**Prompt**
From the first line to the last, print the records exactly, leaving out the pictures.

**Extracted records**
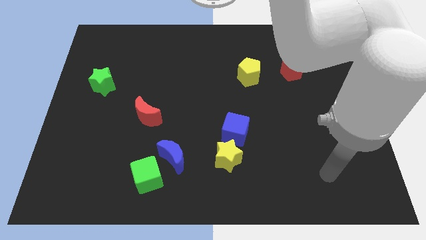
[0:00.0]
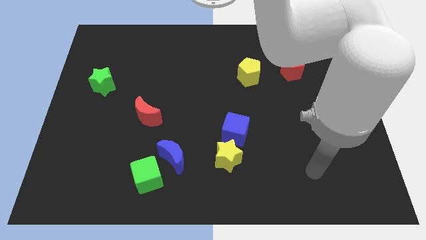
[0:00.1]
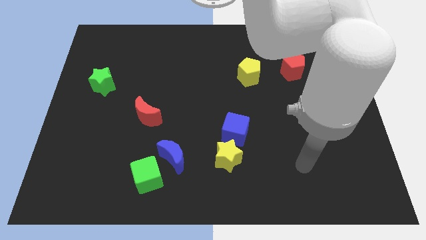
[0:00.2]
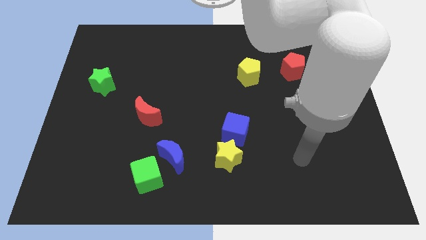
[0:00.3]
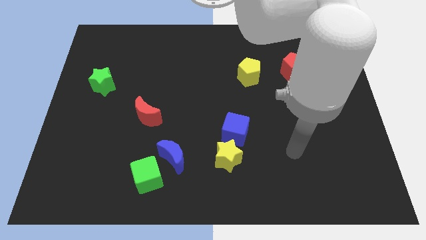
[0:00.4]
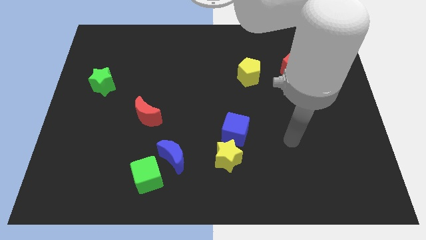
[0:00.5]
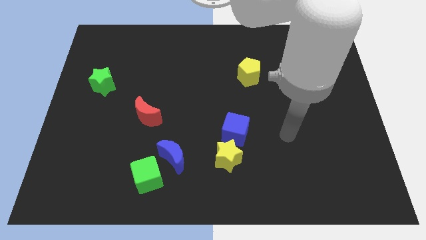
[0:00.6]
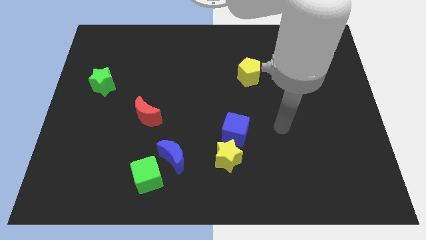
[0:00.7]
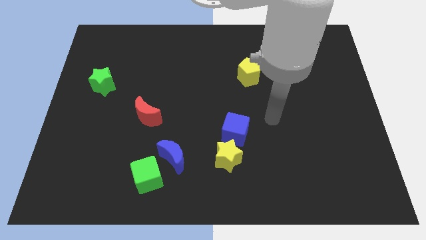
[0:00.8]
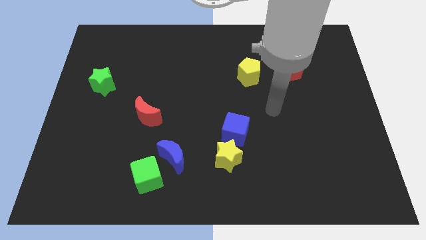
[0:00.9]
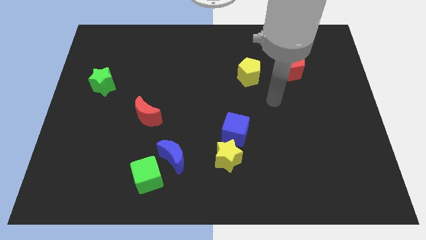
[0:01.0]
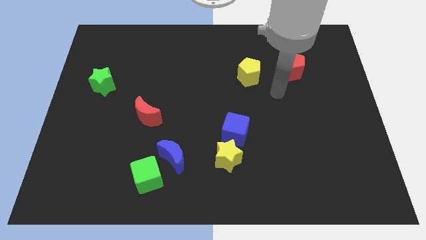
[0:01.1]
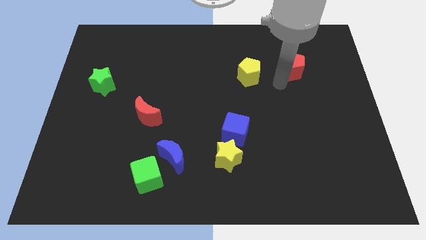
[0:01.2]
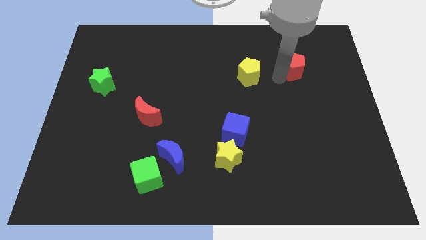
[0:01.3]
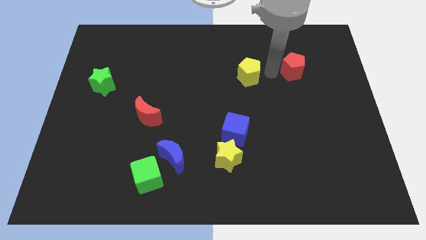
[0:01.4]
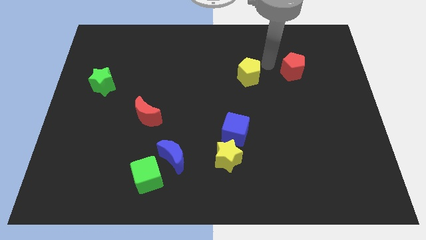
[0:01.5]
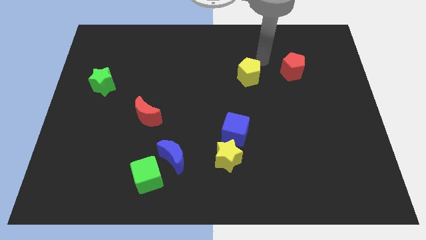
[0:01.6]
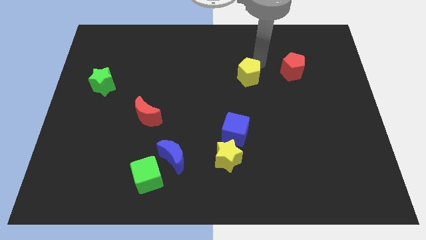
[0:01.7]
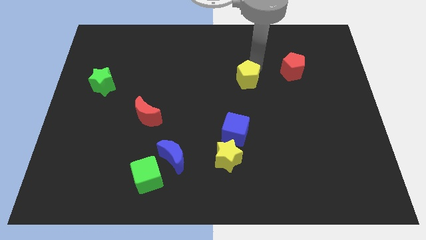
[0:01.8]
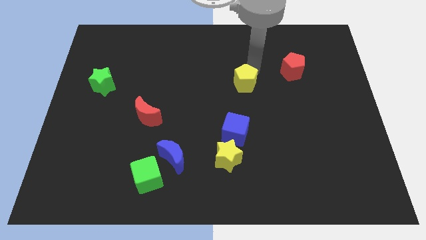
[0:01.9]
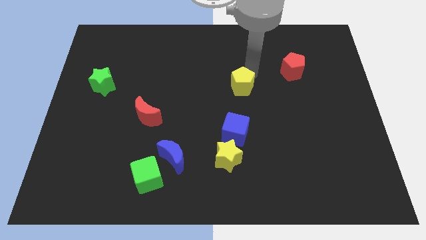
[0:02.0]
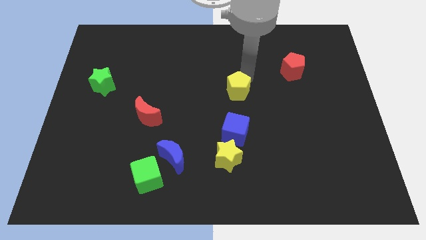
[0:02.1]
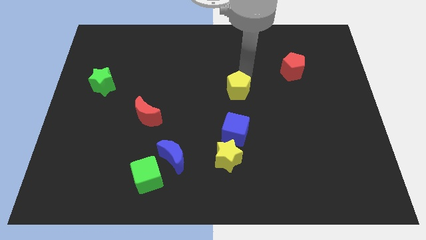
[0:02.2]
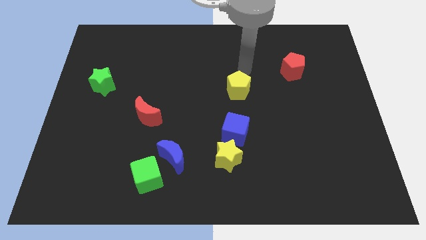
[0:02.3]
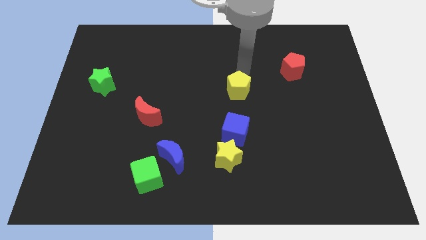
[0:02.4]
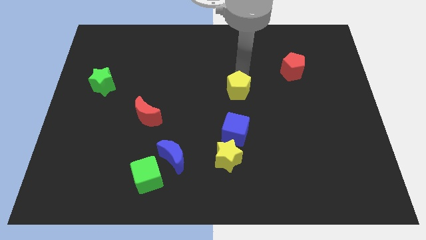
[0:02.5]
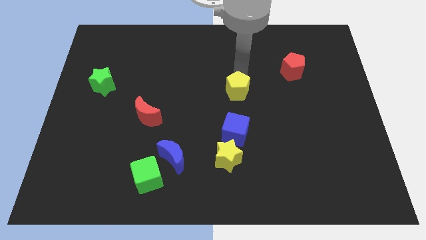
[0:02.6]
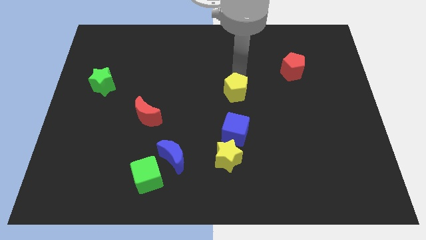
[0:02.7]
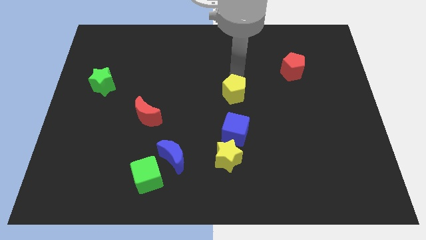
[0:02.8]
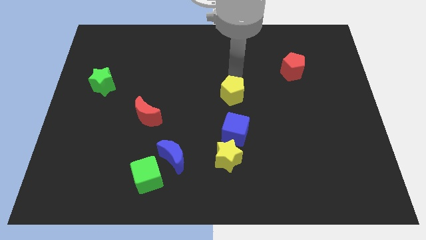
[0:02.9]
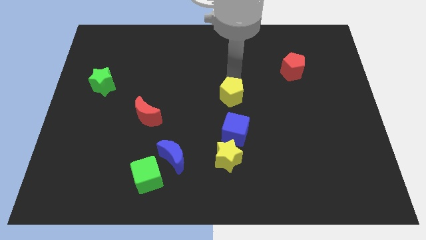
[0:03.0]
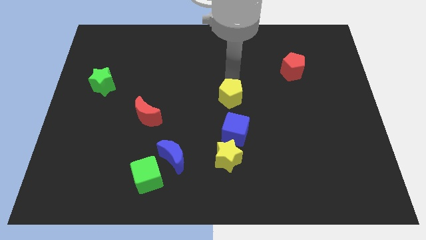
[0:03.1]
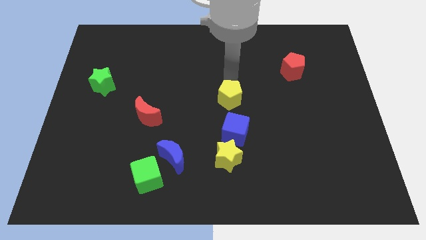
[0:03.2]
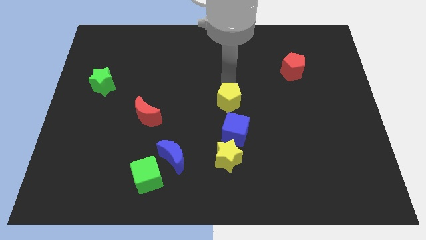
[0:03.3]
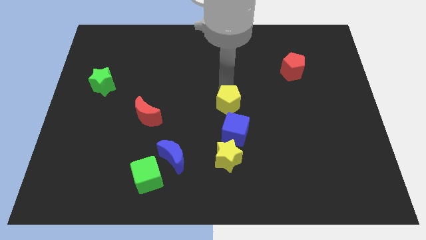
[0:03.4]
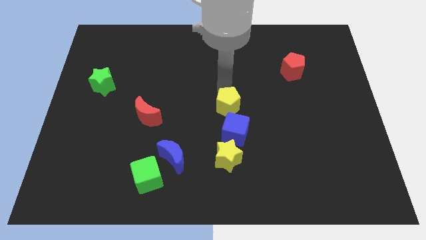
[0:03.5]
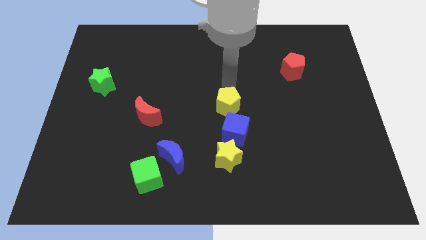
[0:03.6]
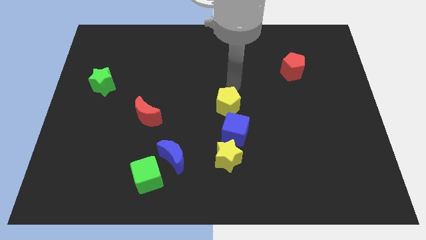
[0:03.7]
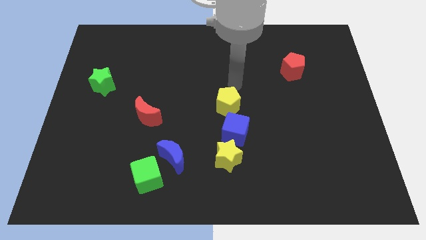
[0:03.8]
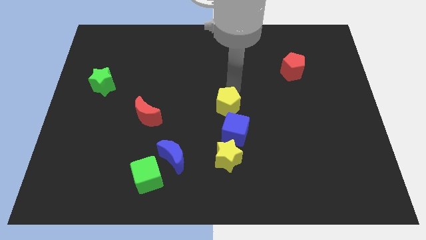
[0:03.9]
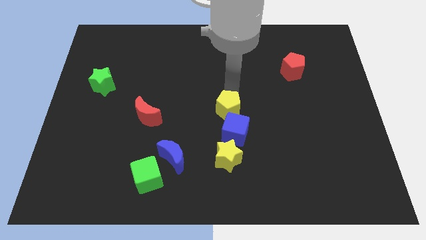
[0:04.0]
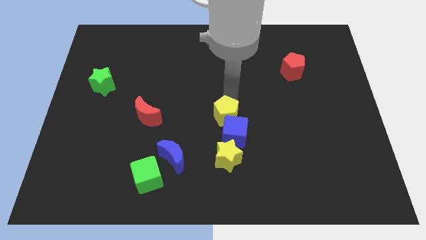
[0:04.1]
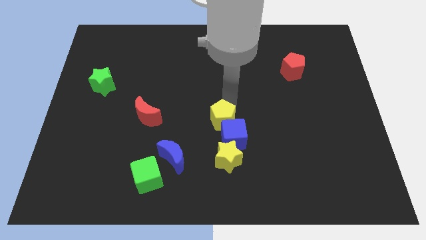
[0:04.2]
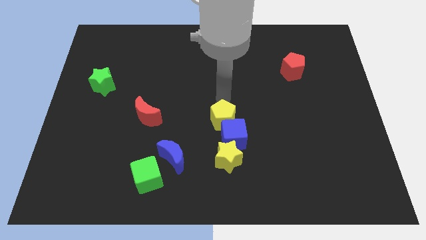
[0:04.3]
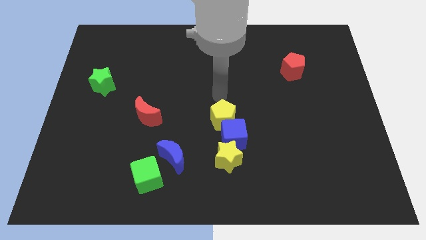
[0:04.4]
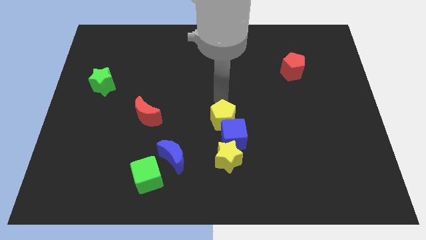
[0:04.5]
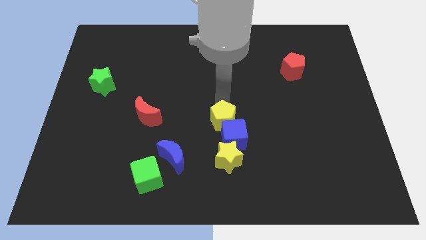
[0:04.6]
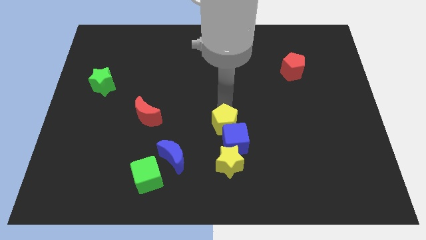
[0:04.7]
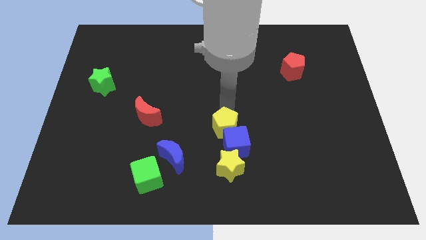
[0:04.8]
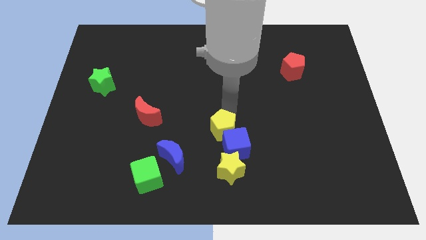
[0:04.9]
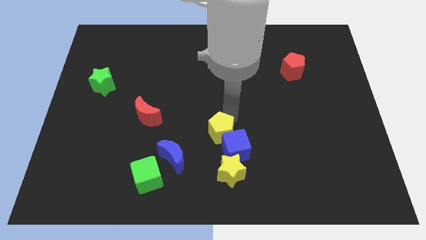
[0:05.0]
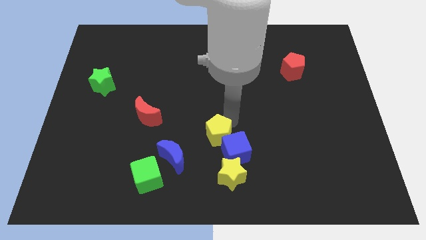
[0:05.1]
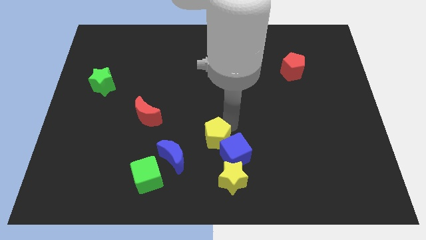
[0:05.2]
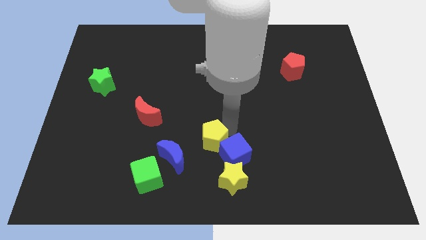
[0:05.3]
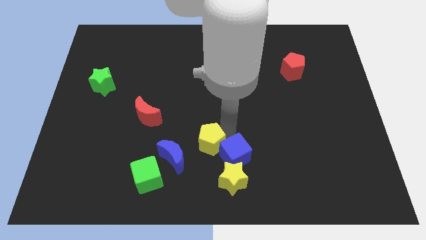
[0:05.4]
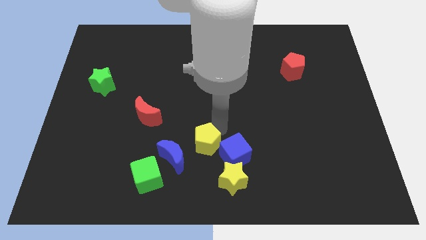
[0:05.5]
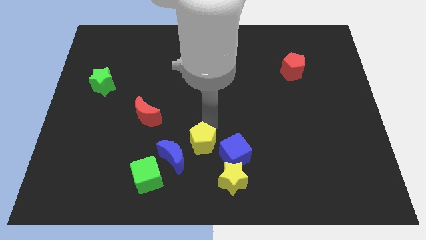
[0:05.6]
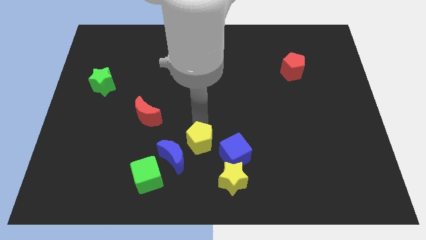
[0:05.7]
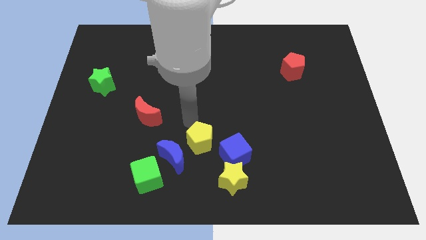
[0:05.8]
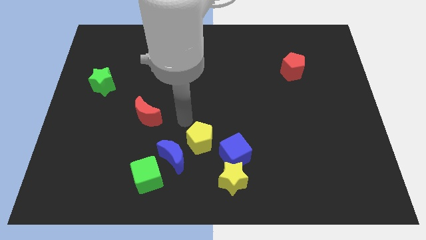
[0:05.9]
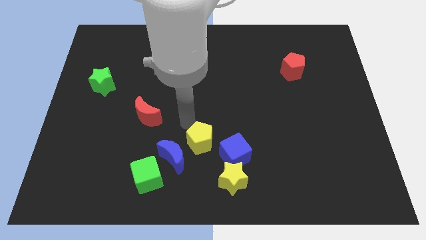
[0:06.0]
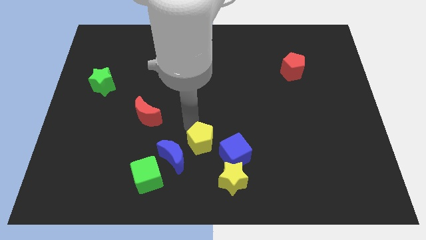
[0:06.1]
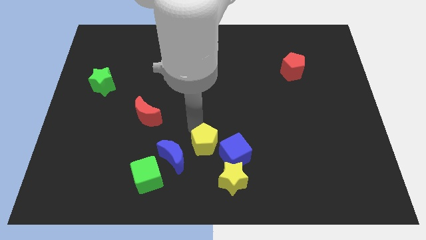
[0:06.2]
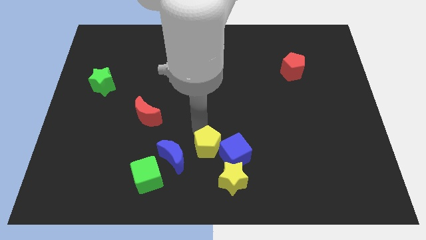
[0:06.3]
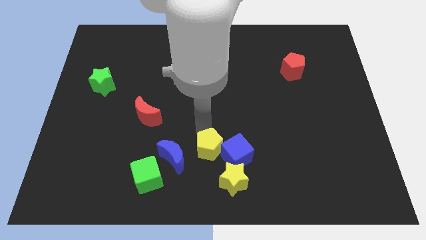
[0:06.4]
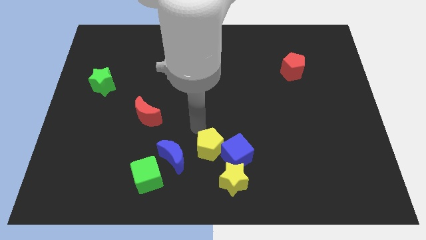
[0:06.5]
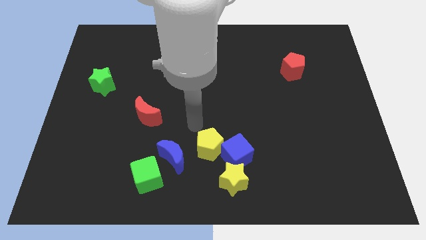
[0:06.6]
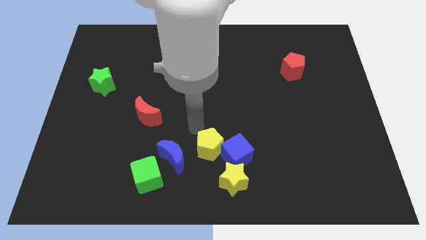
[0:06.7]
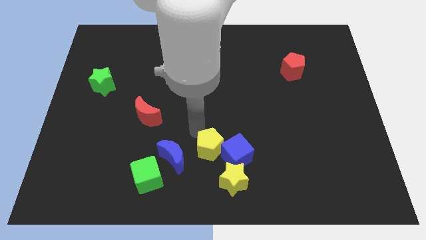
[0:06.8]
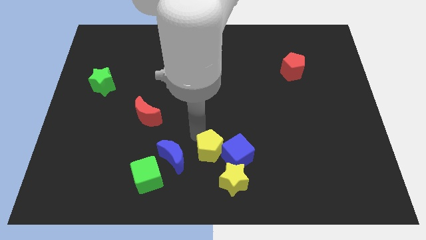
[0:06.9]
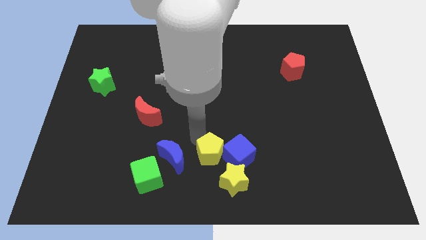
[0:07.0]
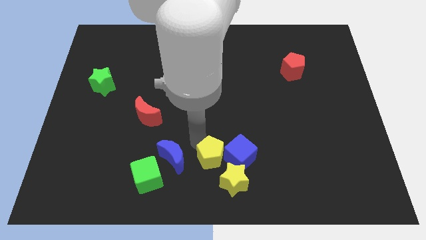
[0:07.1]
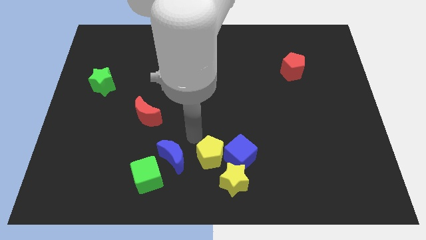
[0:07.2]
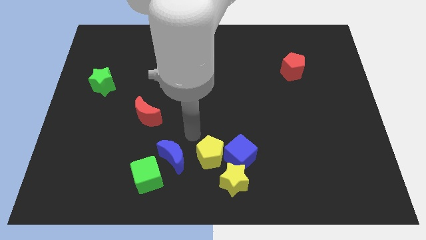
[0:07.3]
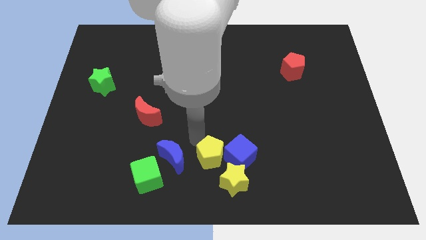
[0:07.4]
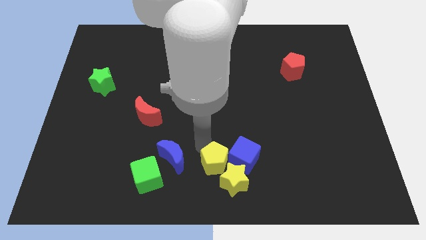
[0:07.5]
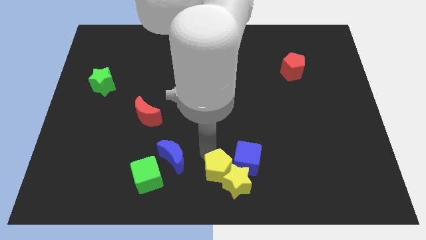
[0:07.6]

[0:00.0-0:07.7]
push the yellow pentagon towards the yellow star

**Your solution**
[0:00.0]
[0:00.1]
[0:00.2]
[0:00.3]
[0:00.4]
[0:00.5]
[0:00.6]
[0:00.7]
[0:00.8]
[0:00.9]
[0:01.0]
[0:01.1]
[0:01.2]
[0:01.3]
[0:01.4]
[0:01.5]
[0:01.6]
[0:01.7]
[0:01.8]
[0:01.9]
[0:02.0]
[0:02.1]
[0:02.2]
[0:02.3]
[0:02.4]
[0:02.5]
[0:02.6]
[0:02.7]
[0:02.8]
[0:02.9]
[0:03.0]
[0:03.1]
[0:03.2]
[0:03.3]
[0:03.4]
[0:03.5]
[0:03.6]
[0:03.7]
[0:03.8]
[0:03.9]
[0:04.0]
[0:04.1]
[0:04.2]
[0:04.3]
[0:04.4]
[0:04.5]
[0:04.6]
[0:04.7]
[0:04.8]
[0:04.9]
[0:05.0]
[0:05.1]
[0:05.2]
[0:05.3]
[0:05.4]
[0:05.5]
[0:05.6]
[0:05.7]
[0:05.8]
[0:05.9]
[0:06.0]
[0:06.1]
[0:06.2]
[0:06.3]
[0:06.4]
[0:06.5]
[0:06.6]
[0:06.7]
[0:06.8]
[0:06.9]
[0:07.0]
[0:07.1]
[0:07.2]
[0:07.3]
[0:07.4]
[0:07.5]
[0:07.6]

[0:00.0-0:07.7]
push the yellow pentagon towards the yellow star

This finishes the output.